Dalam kesempatan tersebut, Irene mengaku merasa sangat senang ketika mengetahui bahwa Na Willa akan hadir sebagai salah satu film yang meramaikan libur Lebaran tahun ini. Menurutnya, kehadiran film ini menjadi langkah menarik sekaligus gebrakan baru bagi industri perfilman nasional.
“Buat saya ini satu gebrakan lagi dari Visinema. Congratulations buat Mas Ryan juga, luar biasa banget. Jadi aku pas waktu tahu bahwa Na Willa akan muncul di Lebaran kali ini, aku langsung happy,” ujar Irene.

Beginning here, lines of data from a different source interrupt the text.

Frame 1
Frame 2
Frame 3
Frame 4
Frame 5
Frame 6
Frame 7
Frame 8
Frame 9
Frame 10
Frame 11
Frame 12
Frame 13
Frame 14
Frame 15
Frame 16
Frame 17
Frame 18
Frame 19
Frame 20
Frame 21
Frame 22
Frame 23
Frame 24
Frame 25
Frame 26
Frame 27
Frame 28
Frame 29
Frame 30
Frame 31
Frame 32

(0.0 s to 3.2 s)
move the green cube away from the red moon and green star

Ia juga menilai film ini tidak sekadar menjadi adaptasi dari sebuah buku cerita, tetapi juga merupakan contoh nyata bagaimana sebuah karya dapat berkembang menjadi intellectual property (IP) yang lebih luas. Hal tersebut dinilai penting dalam mendorong pertumbuhan ekonomi kreatif di Indonesia.
“Karena ini bukan hanya sebuah adaptasi dari buku. Kita mengatakan ini perluasan IP, dari sebuah buku cerita bisa menjadi sebuah film, yang dilakukan oleh Visinema, yang nantinya bisa berkembang menjadi licensing, merchandising, dan berbagai bentuk kreativitas lainnya. Inilah ekonomi kreatif,” jelasnya.

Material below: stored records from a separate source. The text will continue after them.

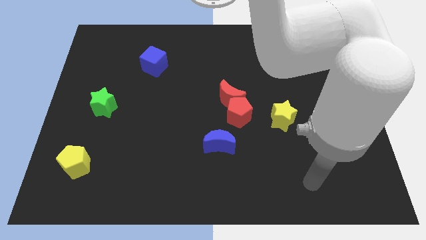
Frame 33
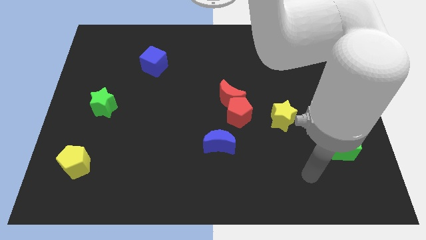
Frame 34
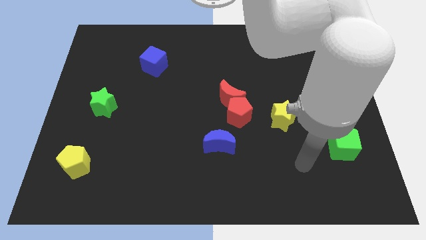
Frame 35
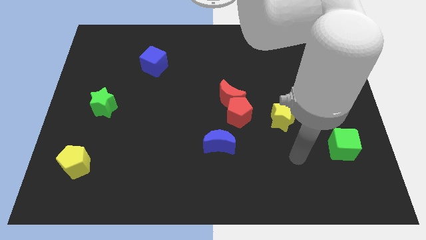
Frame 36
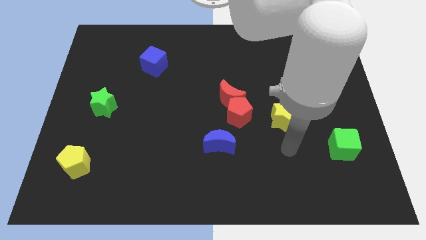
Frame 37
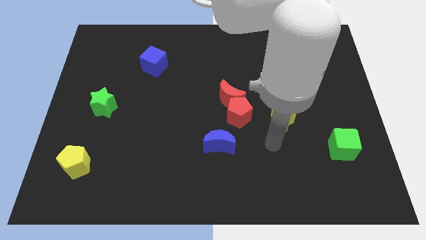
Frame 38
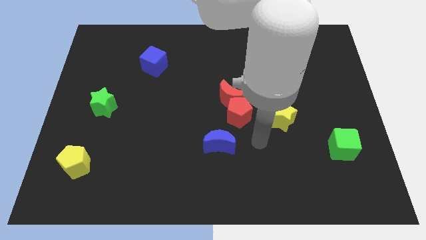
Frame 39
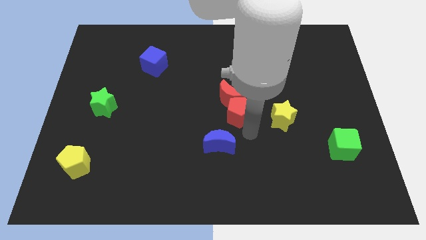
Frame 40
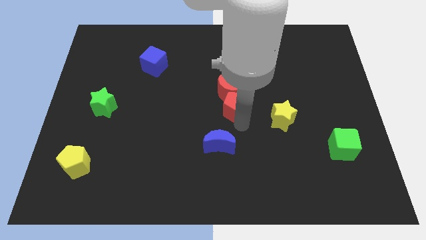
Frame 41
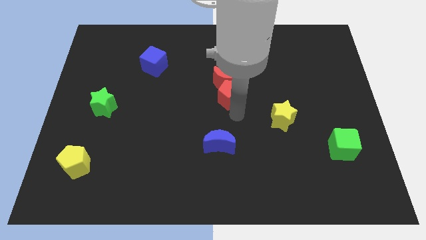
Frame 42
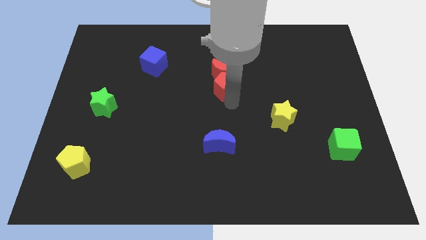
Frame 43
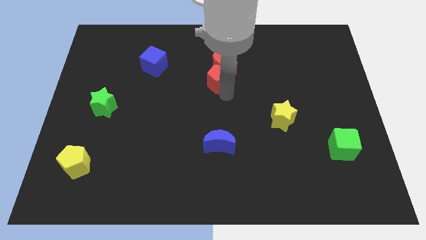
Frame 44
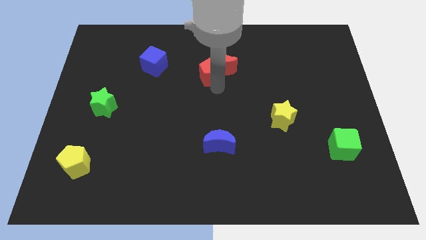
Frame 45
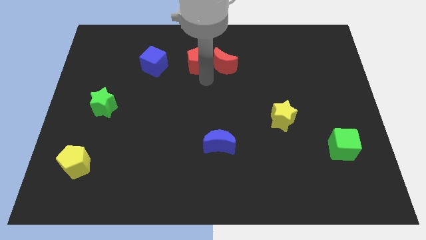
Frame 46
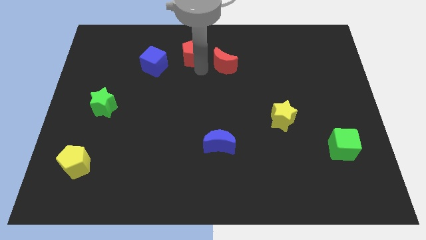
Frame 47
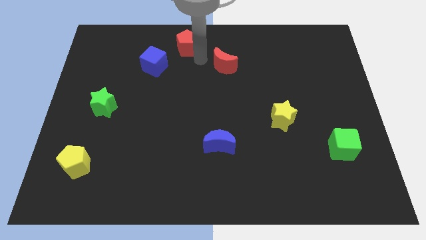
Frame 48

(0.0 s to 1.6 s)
move the red moon away from the red pentagon

Selain aspek industri, Irene juga menyoroti kehangatan cerita yang dihadirkan dalam film ini. Baginya, Na Willa menjadi pilihan menarik bagi keluarga yang ingin menikmati waktu bersama di bioskop saat Lebaran.
“Yang saya sangat cintai dari Na Willa adalah kehangatan yang dia berikan. Ini adalah film anak-anak yang menurut saya menjadi suatu gebrakan. Kalau di Lebaran bingung mau nonton apa bersama keluarga, sekarang ada pilihannya, Na Willa,” katanya.
Ia menambahkan bahwa meskipun cerita film ini terlihat sederhana, terdapat banyak pesan bermakna yang dapat dipetik oleh penonton dari berbagai usia.
“Dari sebuah film yang berkesan simpel, ternyata ada banyak sekali pesan-pesan yang ada di dalamnya. Untuk itu saya mau bilang terima kasih sekali lagi karena sudah menyajikan film ini. Yuk, kita ajak semuanya untuk nonton bareng di Lebaran ini,” tuturnya.
Film Na Willa sendiri mengisahkan tentang seorang gadis berusia enam tahun yang penuh imajinasi. Ia percaya bahwa gang kecil tempat tinggalnya merupakan dunia yang dipenuhi keajaiban.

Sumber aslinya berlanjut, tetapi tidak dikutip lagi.